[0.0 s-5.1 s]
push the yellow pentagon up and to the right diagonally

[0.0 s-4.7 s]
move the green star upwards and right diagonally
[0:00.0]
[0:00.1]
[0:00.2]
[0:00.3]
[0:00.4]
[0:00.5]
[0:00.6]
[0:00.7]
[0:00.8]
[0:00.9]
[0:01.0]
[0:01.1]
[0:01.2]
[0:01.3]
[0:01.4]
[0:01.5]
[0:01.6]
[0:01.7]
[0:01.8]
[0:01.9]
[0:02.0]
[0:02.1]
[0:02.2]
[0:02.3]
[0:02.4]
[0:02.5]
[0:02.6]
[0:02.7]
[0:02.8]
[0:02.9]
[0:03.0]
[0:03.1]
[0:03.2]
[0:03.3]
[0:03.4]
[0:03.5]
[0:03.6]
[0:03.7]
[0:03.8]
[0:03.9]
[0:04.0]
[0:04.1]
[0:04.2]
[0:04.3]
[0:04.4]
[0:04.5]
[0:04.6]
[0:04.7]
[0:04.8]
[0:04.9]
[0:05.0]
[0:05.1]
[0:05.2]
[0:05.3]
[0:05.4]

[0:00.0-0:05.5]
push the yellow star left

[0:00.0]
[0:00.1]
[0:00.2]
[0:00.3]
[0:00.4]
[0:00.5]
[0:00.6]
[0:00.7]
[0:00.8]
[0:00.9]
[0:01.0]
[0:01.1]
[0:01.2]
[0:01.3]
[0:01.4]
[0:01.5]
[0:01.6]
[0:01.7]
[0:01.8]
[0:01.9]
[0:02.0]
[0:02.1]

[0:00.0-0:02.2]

####################

> _YOUR INSTRUCTIONS_: Output all of the records exactly, with nothing omitted.

> _SOLUTION FOR THIS TASK_:
[0.0 s-5.1 s]
push the yellow pentagon up and to the right diagonally

[0.0 s-4.7 s]
move the green star upwards and right diagonally
[0:00.0]
[0:00.1]
[0:00.2]
[0:00.3]
[0:00.4]
[0:00.5]
[0:00.6]
[0:00.7]
[0:00.8]
[0:00.9]
[0:01.0]
[0:01.1]
[0:01.2]
[0:01.3]
[0:01.4]
[0:01.5]
[0:01.6]
[0:01.7]
[0:01.8]
[0:01.9]
[0:02.0]
[0:02.1]
[0:02.2]
[0:02.3]
[0:02.4]
[0:02.5]
[0:02.6]
[0:02.7]
[0:02.8]
[0:02.9]
[0:03.0]
[0:03.1]
[0:03.2]
[0:03.3]
[0:03.4]
[0:03.5]
[0:03.6]
[0:03.7]
[0:03.8]
[0:03.9]
[0:04.0]
[0:04.1]
[0:04.2]
[0:04.3]
[0:04.4]
[0:04.5]
[0:04.6]
[0:04.7]
[0:04.8]
[0:04.9]
[0:05.0]
[0:05.1]
[0:05.2]
[0:05.3]
[0:05.4]

[0:00.0-0:05.5]
push the yellow star left

[0:00.0]
[0:00.1]
[0:00.2]
[0:00.3]
[0:00.4]
[0:00.5]
[0:00.6]
[0:00.7]
[0:00.8]
[0:00.9]
[0:01.0]
[0:01.1]
[0:01.2]
[0:01.3]
[0:01.4]
[0:01.5]
[0:01.6]
[0:01.7]
[0:01.8]
[0:01.9]
[0:02.0]
[0:02.1]

[0:00.0-0:02.2]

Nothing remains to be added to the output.